Dataset records:
+-------+
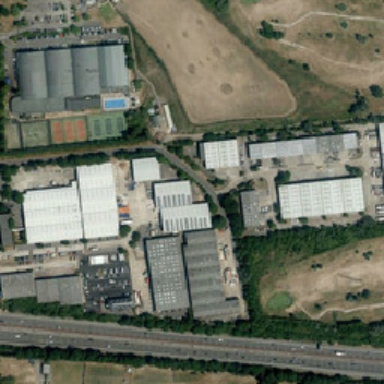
Some factory buildings are near the road .
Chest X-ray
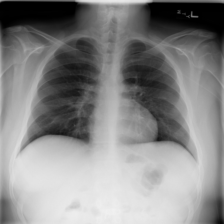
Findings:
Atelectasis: negative
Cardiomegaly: negative
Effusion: negative
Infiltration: negative
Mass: negative
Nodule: negative
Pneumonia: negative
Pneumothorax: negative
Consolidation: negative
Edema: negative
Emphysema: negative
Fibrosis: negative
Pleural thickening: negative
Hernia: negative
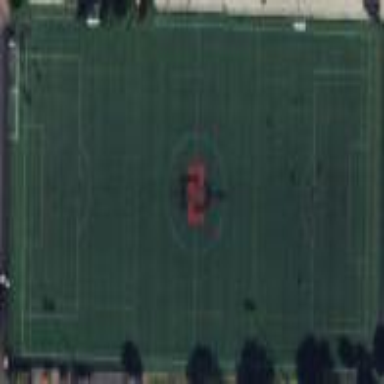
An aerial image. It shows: Recreation ground with artificial turf surface.
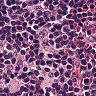
Metastatic tissue present: no
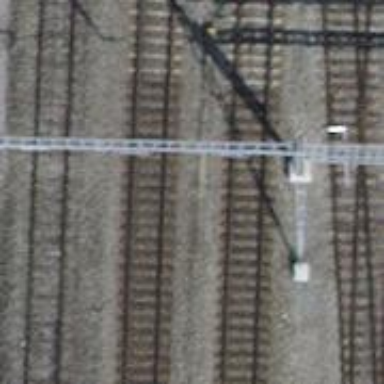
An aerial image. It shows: Single railway track with electrification through contact line.
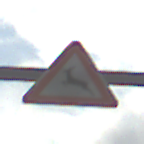
Verkehrszeichen: WildwechselRechts
Umgebung: Outdoor, Nature
Tageszeit: MorningAfternoon
Wetter: PartlyCloudy
Licht: Natural
Jahreszeit: Autumn
Kontrast: LowContrast
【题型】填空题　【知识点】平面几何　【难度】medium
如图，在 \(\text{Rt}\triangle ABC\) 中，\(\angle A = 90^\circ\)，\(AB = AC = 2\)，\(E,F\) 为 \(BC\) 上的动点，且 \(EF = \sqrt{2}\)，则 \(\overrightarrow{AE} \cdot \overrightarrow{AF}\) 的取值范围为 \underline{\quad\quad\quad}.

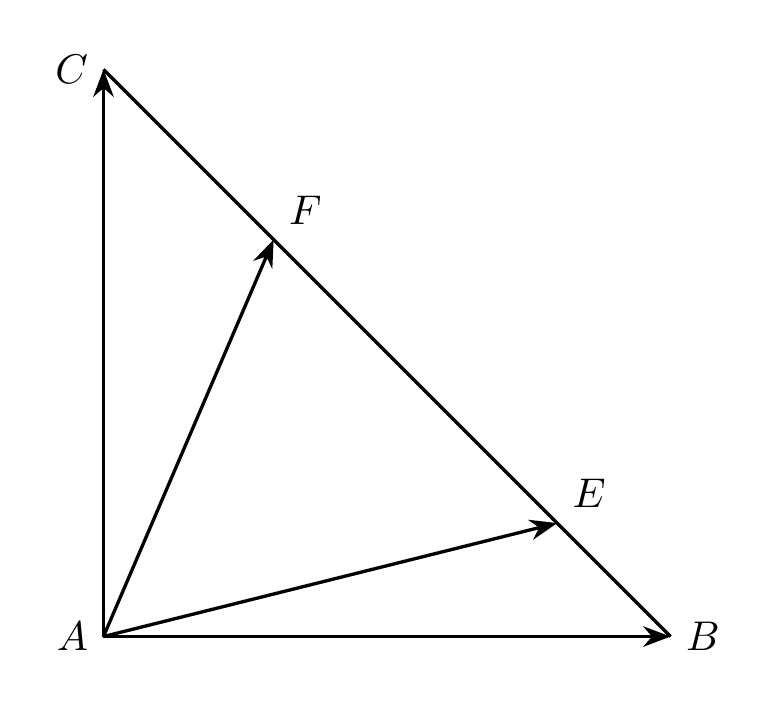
+-------+
◆ Instructions for the task ◆
All lines in the data above from the one with "Atelectasis: negative" through the one with "Hernia: negative" must be repeated exactly, and no others.

◆ Final answer ◆
Atelectasis: negative
Cardiomegaly: negative
Effusion: negative
Infiltration: negative
Mass: negative
Nodule: negative
Pneumonia: negative
Pneumothorax: negative
Consolidation: negative
Edema: negative
Emphysema: negative
Fibrosis: negative
Pleural thickening: negative
Hernia: negative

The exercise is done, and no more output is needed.